Answered

At Westonci.ca, we connect you with the best answers from a community of experienced and knowledgeable individuals. Connect with a community of experts ready to provide precise solutions to your questions quickly and accurately. Explore comprehensive solutions to your questions from a wide range of professionals on our user-friendly platform.

Lnx+Ln(2x)=1/e
Can someone help me solve this problem?

Sagot :

[tex]D:x > 0\\\\ln(x)+ln(2x)=\frac{1}{e}\ \ \ \ |use\ ln(a)+ln(b)=ln(ab)\\\\ln(x\cdot2x)=\frac{1}{e}\\\\ln(2x^2)=\frac{1}{e}\ \ \ \ |use\ b=ln(e^b)\\\\ln(2x^2)=ln\left(e^\frac{1}{e}\right)\iff2x^2=e^\frac{1}{e}\ \ \ \ |divide\ both\ sides\ by\ 2\\\\x^2=\frac{e^\frac{1}{e}}{2}\iff x=\sqrt\frac{e^\frac{1}{e}}{2}\\\\x=\frac{\sqrt{e^\frac{1}{e}}}{\sqrt2}\cdot\frac{\sqrt2}{\sqrt2}\\\\\boxed{x=\frac{\sqrt{2e^\frac{1}{2}}}{2}}[/tex]
We appreciate your time.
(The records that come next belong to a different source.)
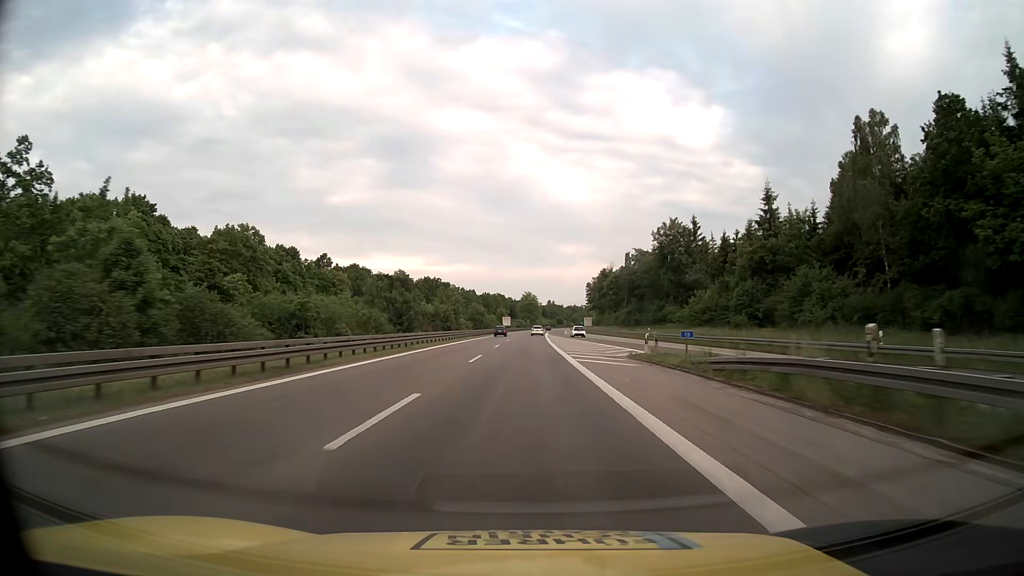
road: motorway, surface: asphalt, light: Day
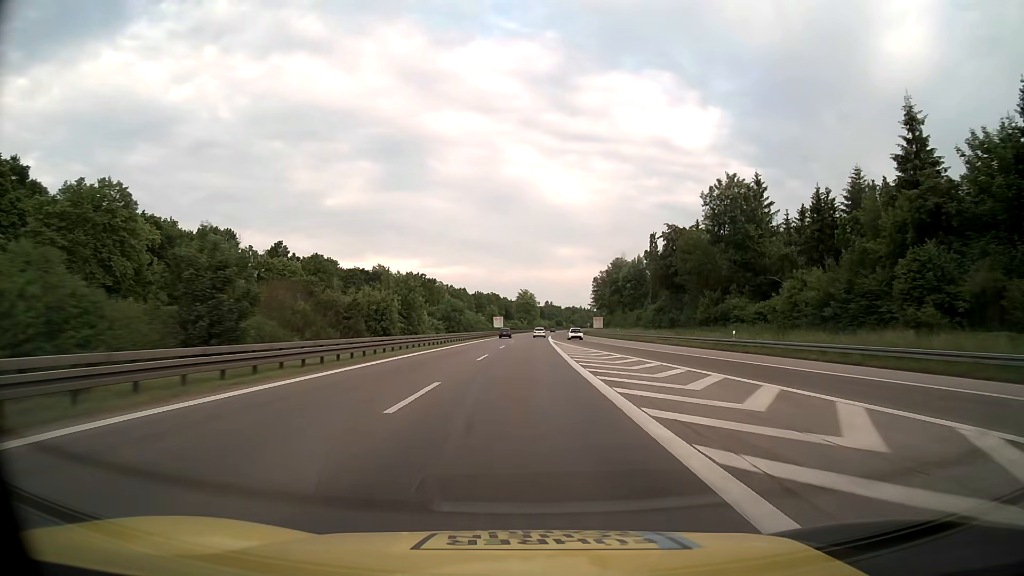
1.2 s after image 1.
(+0.1, +32.9) m; 0°
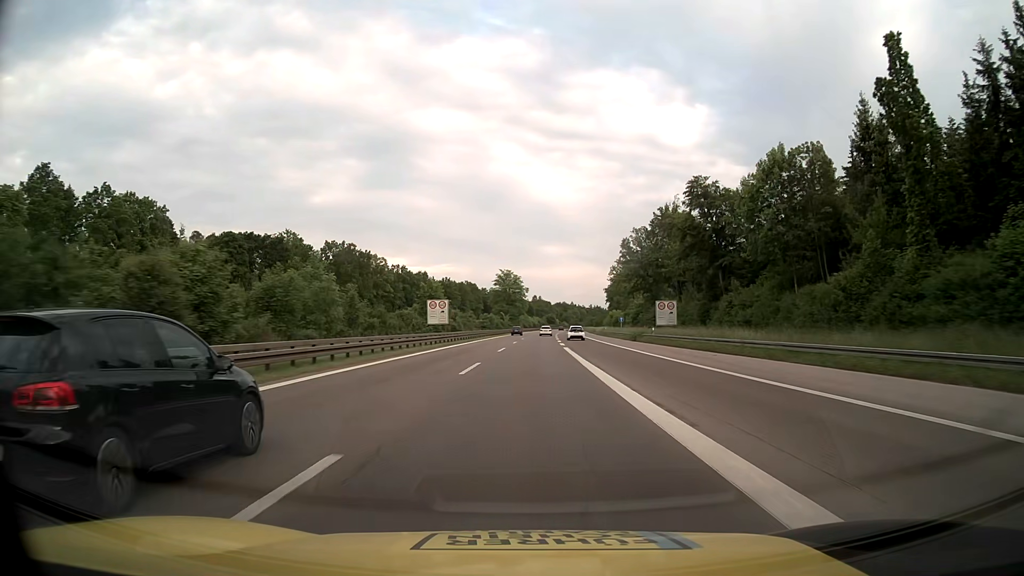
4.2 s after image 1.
(+0.8, +82.2) m; +1°
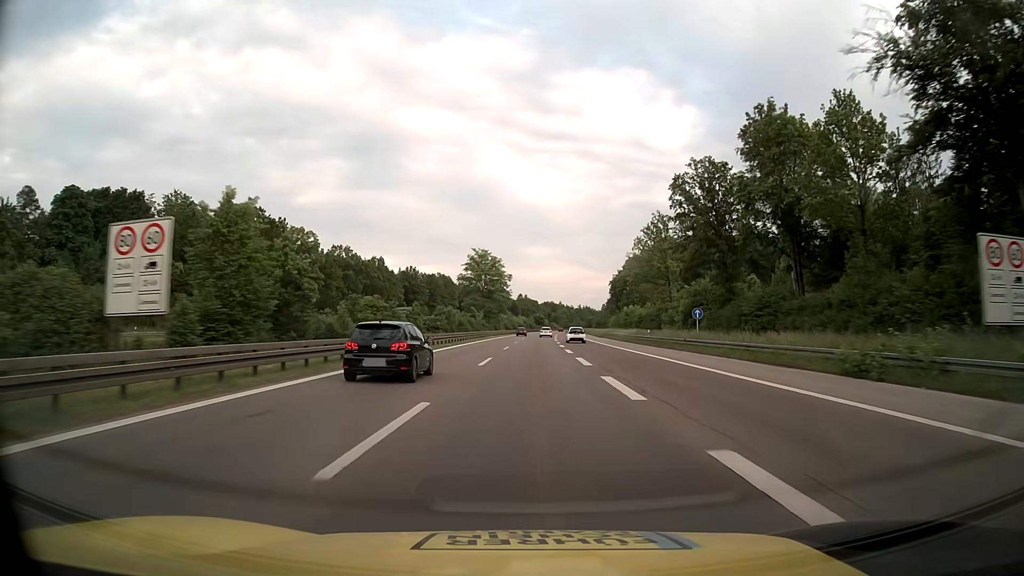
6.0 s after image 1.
(+0.5, +49.3) m; +1°
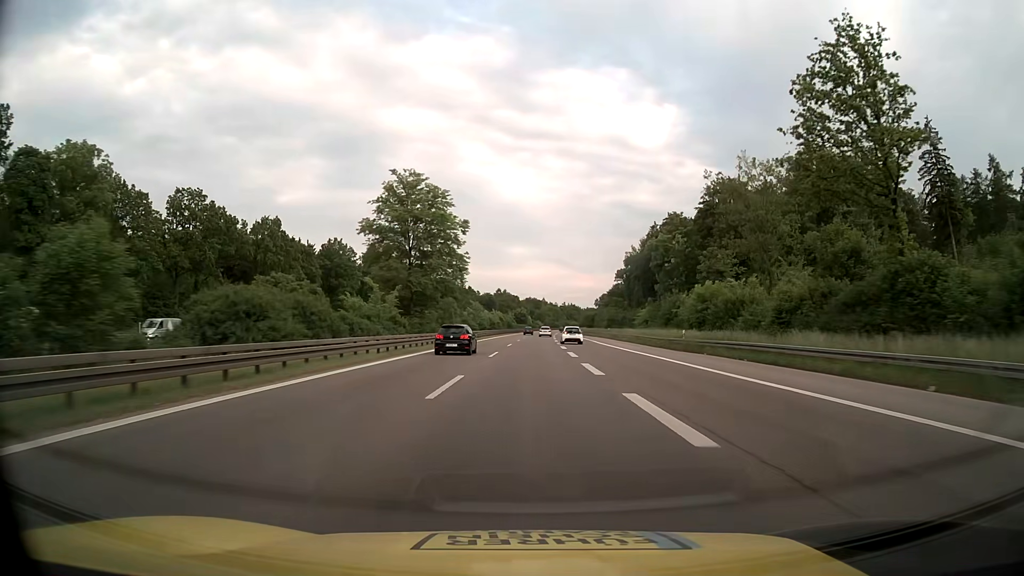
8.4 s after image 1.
(+0.9, +65.8) m; +2°
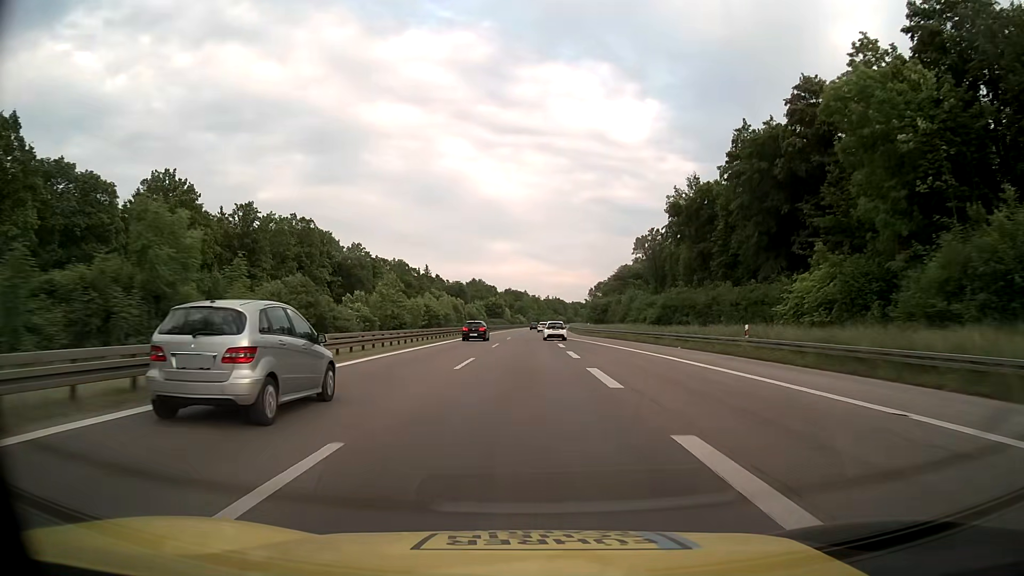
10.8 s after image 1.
(+1.0, +65.7) m; +2°
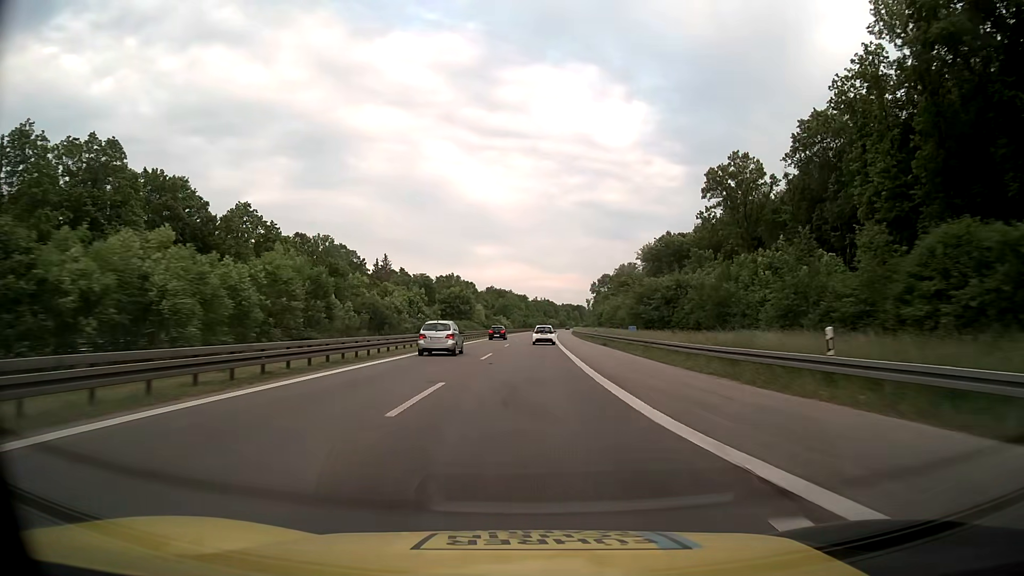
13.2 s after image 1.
(+0.5, +63.5) m; +1°
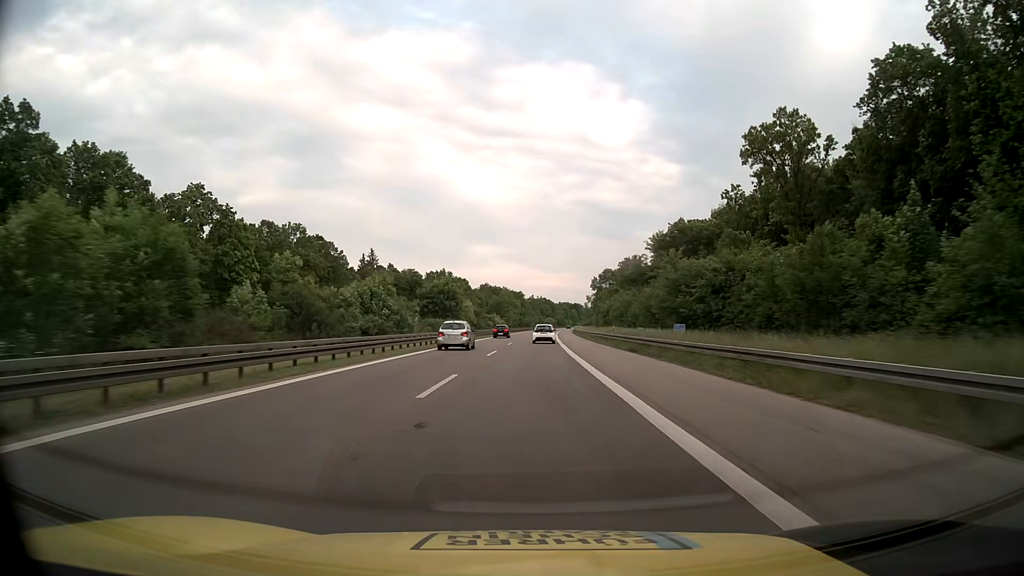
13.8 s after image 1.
(0.0, +15.6) m; 0°
(0, +10) (0, +20) (0, +30) (0, +40) (0, +50) (+1, +60) (+1, +70) (+1, +80) (+2, +90) (+2, +100) m

Please revisit us for more reliable answers to any questions you may have. We hope this was helpful. Please come back whenever you need more information or answers to your queries. Westonci.ca is committed to providing accurate answers. Come back soon for more trustworthy information.